Euclidean space \(\mathbf{R}^p\) is the most common space for data analysis, which can be considered as a Riemannian manifold with flat metric. Since the space of matrices is isomorphic to Euclidean space after vectorization, we consider the inputs as \(p\)-dimensional vectors.
Arguments
- input
data vectors to be wrapped as
riemdataclass.
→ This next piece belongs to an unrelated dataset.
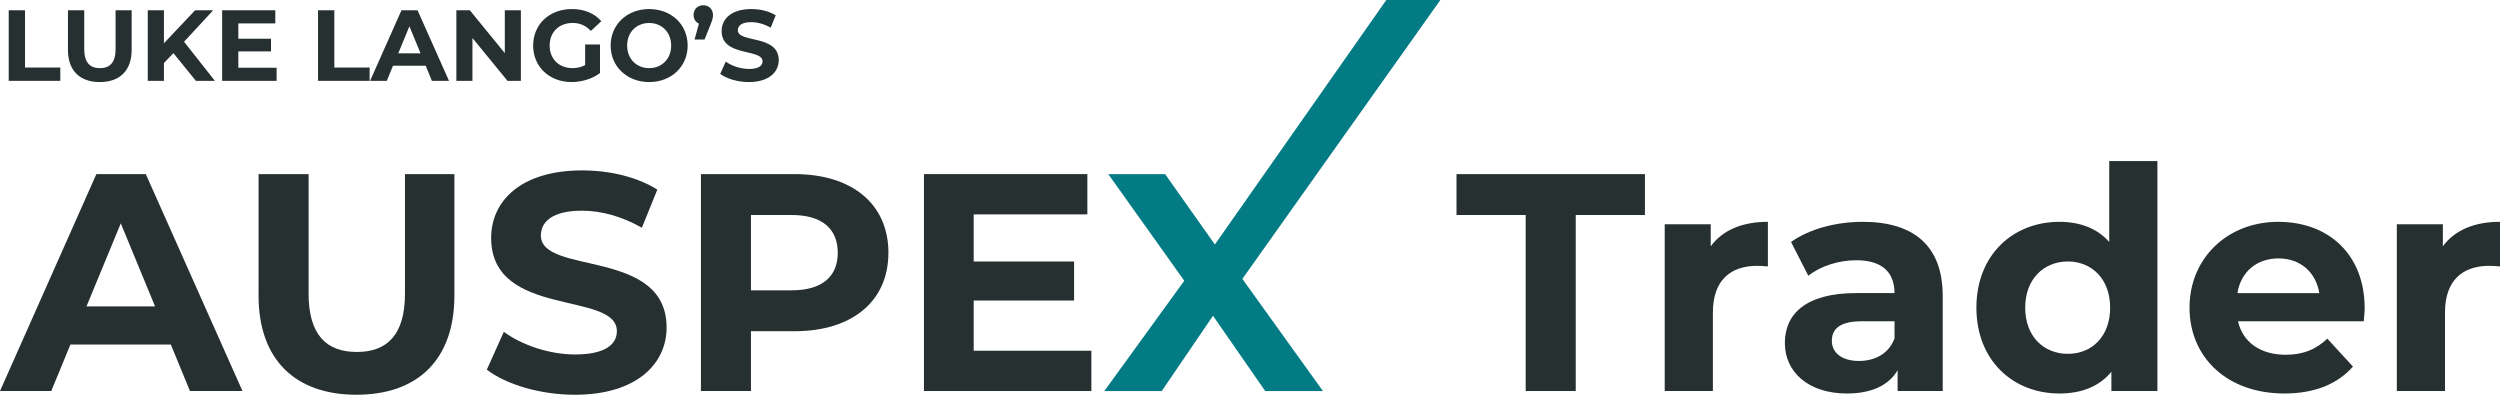<?xml version="1.0" encoding="UTF-8"?> <svg xmlns="http://www.w3.org/2000/svg" width="275" height="44" viewBox="0 0 275 44" fill="none"><g clip-path="url(#clip0_3101_2)"><path d="M18.79 37.899H7.747L5.639 43.012H0L10.601 19.151H16.038L26.673 43.012H20.897L18.79 37.899ZM17.058 33.706L13.286 24.57L9.513 33.706H17.056H17.058Z" fill="#273030"></path><path d="M28.442 32.513V19.151H33.946V32.308C33.946 36.842 35.917 38.716 39.246 38.716C42.576 38.716 44.547 36.842 44.547 32.308V19.151H49.984V32.513C49.984 39.535 45.975 43.421 39.212 43.421C32.449 43.421 28.44 39.535 28.44 32.513H28.442Z" fill="#273030"></path><path d="M53.552 40.66L55.421 36.502C57.426 37.967 60.415 38.99 63.27 38.99C66.532 38.99 67.856 37.899 67.856 36.434C67.856 31.968 54.026 35.036 54.026 26.174C54.026 22.118 57.288 18.744 64.049 18.744C67.04 18.744 70.098 19.46 72.306 20.857L70.607 25.051C68.397 23.79 66.122 23.176 64.015 23.176C60.753 23.176 59.496 24.404 59.496 25.902C59.496 30.3 73.326 27.265 73.326 36.026C73.326 40.015 70.029 43.423 63.233 43.423C59.461 43.423 55.656 42.297 53.549 40.662L53.552 40.66Z" fill="#273030"></path><path d="M97.725 27.81C97.725 33.127 93.749 36.434 87.396 36.434H82.606V43.012H77.101V19.151H87.398C93.753 19.151 97.727 22.458 97.727 27.808L97.725 27.81ZM92.154 27.81C92.154 25.186 90.454 23.651 87.09 23.651H82.606V31.934H87.09C90.454 31.934 92.154 30.399 92.154 27.81Z" fill="#273030"></path><path d="M120.051 38.581V43.012H101.634V19.151H119.61V23.582H107.106V28.764H118.149V33.059H107.106V38.581H120.052H120.051Z" fill="#273030"></path><path d="M167.827 23.651H160.215V19.153H180.943V23.651H173.331V43.012H167.827V23.651Z" fill="#273030"></path><path d="M194.467 24.401V29.308C194.026 29.274 193.686 29.241 193.278 29.241C190.356 29.241 188.418 30.843 188.418 34.353V43.01H183.118V24.671H188.181V27.092C189.473 25.32 191.647 24.399 194.467 24.399V24.401Z" fill="#273030"></path><path d="M213.7 32.548V43.012H208.738V40.728C207.753 42.398 205.85 43.284 203.165 43.284C198.883 43.284 196.334 40.898 196.334 37.728C196.334 34.558 198.611 32.239 204.183 32.239H208.396C208.396 29.955 207.037 28.627 204.183 28.627C202.247 28.627 200.242 29.274 198.916 30.331L197.012 26.617C199.018 25.186 201.974 24.401 204.895 24.401C210.467 24.401 213.697 26.991 213.697 32.548H213.7ZM208.399 37.216V35.342H204.764C202.283 35.342 201.502 36.262 201.502 37.489C201.502 38.819 202.623 39.705 204.492 39.705C206.259 39.705 207.787 38.886 208.399 37.216Z" fill="#273030"></path><path d="M237.316 17.72V43.012H232.253V40.898C230.927 42.5 228.991 43.284 226.544 43.284C221.379 43.284 217.404 39.602 217.404 33.842C217.404 28.081 221.381 24.401 226.544 24.401C228.787 24.401 230.69 25.117 232.016 26.617V17.72H237.316ZM232.116 33.842C232.116 30.672 230.078 28.762 227.461 28.762C224.844 28.762 222.772 30.672 222.772 33.842C222.772 37.012 224.811 38.921 227.461 38.921C230.111 38.921 232.116 37.012 232.116 33.842Z" fill="#273030"></path><path d="M260.013 35.342H246.183C246.693 37.626 248.63 39.023 251.416 39.023C253.353 39.023 254.746 38.444 256.004 37.251L258.824 40.319C257.125 42.261 254.577 43.284 251.28 43.284C244.959 43.284 240.848 39.295 240.848 33.842C240.848 28.387 245.028 24.401 250.6 24.401C256.172 24.401 260.114 28.013 260.114 33.911C260.114 34.32 260.046 34.899 260.012 35.342H260.013ZM246.116 32.241H255.121C254.748 29.922 253.014 28.424 250.636 28.424C248.259 28.424 246.491 29.889 246.117 32.241H246.116Z" fill="#273030"></path><path d="M275 24.401V29.308C274.559 29.274 274.219 29.241 273.811 29.241C270.889 29.241 268.951 30.843 268.951 34.353V43.01H263.651V24.671H268.714V27.092C270.006 25.32 272.18 24.399 275 24.399V24.401Z" fill="#273030"></path><path d="M139.173 43.018L133.431 34.736L127.79 43.018H121.469L130.27 30.882L121.912 19.156H128.165L133.636 26.894L152.494 0H158.441L136.66 30.679L145.528 43.02H139.173V43.018Z" fill="#037B84"></path><path d="M0.96 1.13H2.752V7.429H6.633V8.893H0.96V1.13Z" fill="#273030"></path><path d="M7.474 5.478V1.13H9.266V5.412C9.266 6.886 9.907 7.497 10.99 7.497C12.073 7.497 12.714 6.886 12.714 5.412V1.13H14.483V5.478C14.483 7.763 13.177 9.027 10.977 9.027C8.778 9.027 7.472 7.763 7.472 5.478H7.474Z" fill="#273030"></path><path d="M19.073 5.843L18.034 6.93V8.893H16.254V1.13H18.034V4.757L21.461 1.13H23.45L20.245 4.591L23.639 8.895H21.549L19.073 5.844V5.843Z" fill="#273030"></path><path d="M30.428 7.451V8.893H24.436V1.13H30.285V2.572H26.217V4.258H29.81V5.655H26.217V7.453H30.43L30.428 7.451Z" fill="#273030"></path><path d="M34.985 1.13H36.777V7.429H40.657V8.893H34.985V1.13Z" fill="#273030"></path><path d="M46.825 7.229H43.232L42.546 8.893H40.711L44.161 1.129H45.929L49.389 8.893H47.509L46.824 7.229H46.825ZM46.262 5.866L45.035 2.895L43.808 5.866H46.262Z" fill="#273030"></path><path d="M57.297 1.13V8.895H55.827L51.969 4.181V8.895H50.2V1.13H51.682L55.529 5.844V1.13H57.297Z" fill="#273030"></path><path d="M64.363 4.889H66V8.039C65.148 8.682 63.976 9.025 62.871 9.025C60.439 9.025 58.647 7.351 58.647 5.01C58.647 2.67 60.439 0.995 62.904 0.995C64.264 0.995 65.391 1.461 66.144 2.337L64.994 3.401C64.431 2.802 63.778 2.525 62.993 2.525C61.49 2.525 60.461 3.534 60.461 5.009C60.461 6.483 61.489 7.492 62.971 7.492C63.458 7.492 63.911 7.404 64.365 7.16V4.886L64.363 4.889Z" fill="#273030"></path><path d="M67.172 5.012C67.172 2.704 68.964 0.996 71.407 0.996C73.85 0.996 75.642 2.693 75.642 5.012C75.642 7.33 73.839 9.027 71.407 9.027C68.975 9.027 67.172 7.319 67.172 5.012ZM73.828 5.012C73.828 3.537 72.789 2.528 71.407 2.528C70.025 2.528 68.986 3.537 68.986 5.012C68.986 6.487 70.025 7.496 71.407 7.496C72.789 7.496 73.828 6.487 73.828 5.012Z" fill="#273030"></path><path d="M78.429 1.64C78.429 1.928 78.385 2.139 78.141 2.75L77.5 4.347H76.404L76.88 2.596C76.527 2.44 76.295 2.108 76.295 1.642C76.295 0.998 76.759 0.578 77.366 0.578C77.974 0.578 78.427 1.011 78.427 1.642L78.429 1.64Z" fill="#273030"></path><path d="M79.224 8.128L79.833 6.775C80.486 7.252 81.459 7.584 82.388 7.584C83.448 7.584 83.88 7.229 83.88 6.753C83.88 5.3 79.379 6.298 79.379 3.414C79.379 2.093 80.44 0.996 82.642 0.996C83.615 0.996 84.609 1.229 85.328 1.684L84.776 3.049C84.057 2.638 83.316 2.438 82.631 2.438C81.57 2.438 81.16 2.838 81.16 3.326C81.16 4.757 85.661 3.77 85.661 6.62C85.661 7.917 84.587 9.027 82.376 9.027C81.15 9.027 79.912 8.66 79.226 8.128H79.224Z" fill="#273030"></path></g><defs><clipPath id="clip0_3101_2"><rect width="275" height="43.421" fill="white"></rect></clipPath></defs></svg>

Following inputs are considered,- matrix
an \((n \times p)\) matrix of row observations.
- list
a length-\(n\) list whose elements are length-\(p\) vectors.
Value
a named riemdata S3 object containing
- data
a list of \((p\times 1)\) matrices in \(\mathbf{R}^p\).
- size
dimension of the ambient space.
- name
name of the manifold of interests, "euclidean"
Examples
#-------------------------------------------------------------------
# Checker for Two Types of Inputs
#
# Generate 5 observations in R^3 in Matrix and List.
#-------------------------------------------------------------------
## DATA GENERATION
d1 = array(0,c(5,3))
d2 = list()
for (i in 1:5){
single = stats::rnorm(3)
d1[i,] = single
d2[[i]] = single
}
## RUN
test1 = wrap.euclidean(d1)
test2 = wrap.euclidean(d2)